Problem to solve: Each line in the material below must be transcribed exactly; no picture belongs in the copy.

Task inputs:
┄┄┄┄┄┄┄┄┄┄

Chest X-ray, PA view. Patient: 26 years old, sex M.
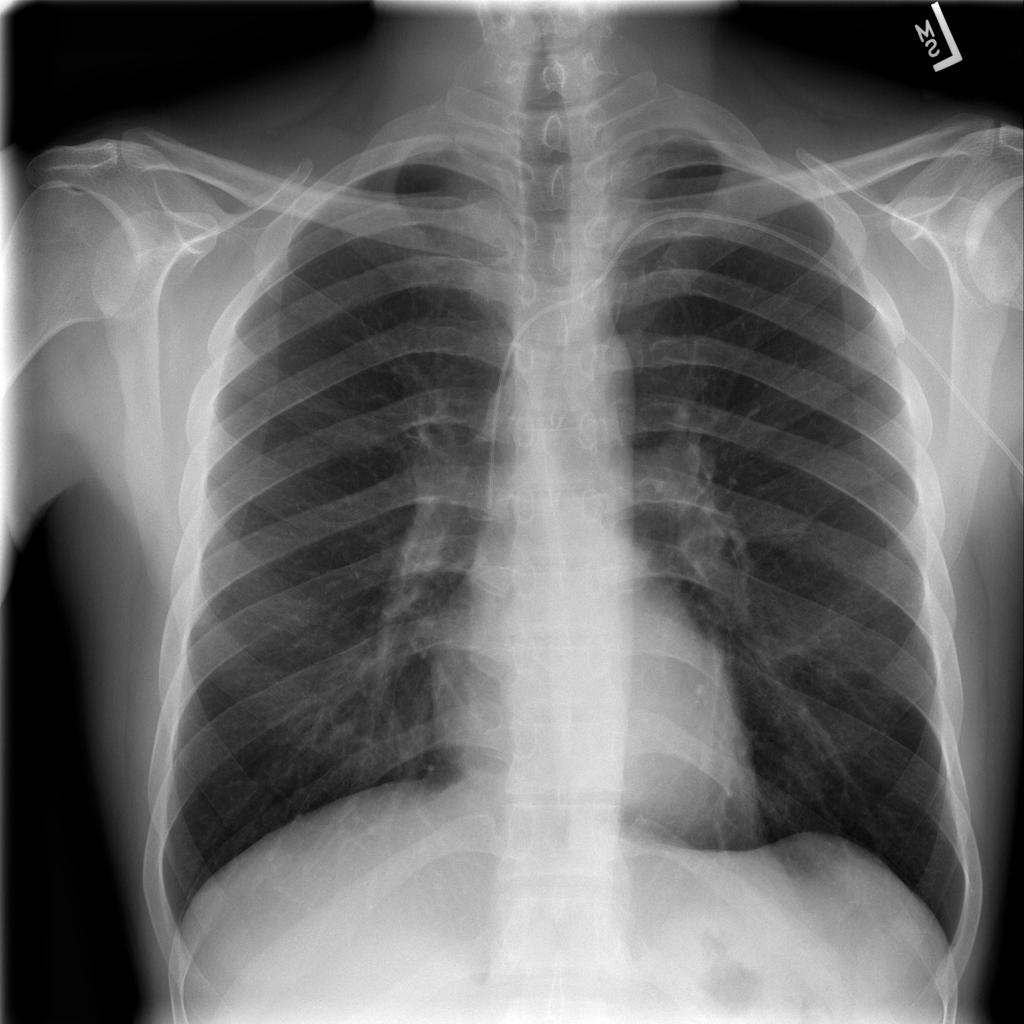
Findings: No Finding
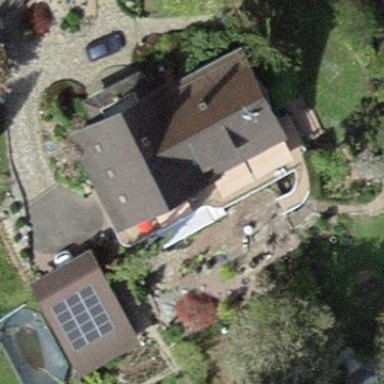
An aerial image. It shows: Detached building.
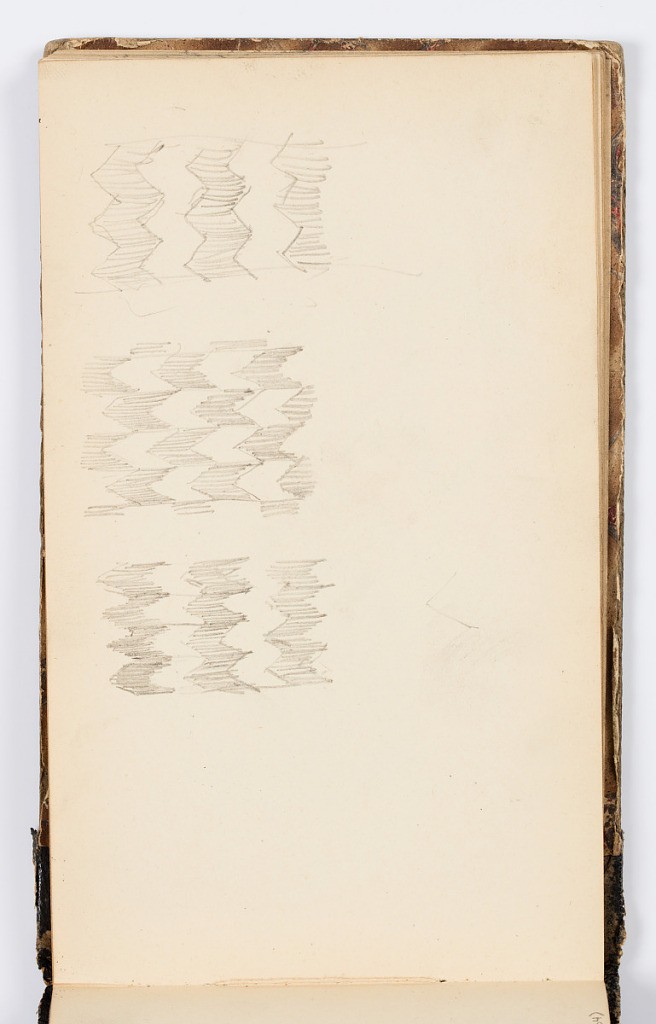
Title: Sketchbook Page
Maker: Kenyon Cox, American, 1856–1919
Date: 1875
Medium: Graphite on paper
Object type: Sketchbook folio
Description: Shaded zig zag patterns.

┄┄┄┄┄┄┄┄┄┄

Answer box:
Chest X-ray, PA view. Patient: 26 years old, sex M.
Findings: No Finding
An aerial image. It shows: Detached building.
Title: Sketchbook Page
Maker: Kenyon Cox, American, 1856–1919
Date: 1875
Medium: Graphite on paper
Object type: Sketchbook folio
Description: Shaded zig zag patterns.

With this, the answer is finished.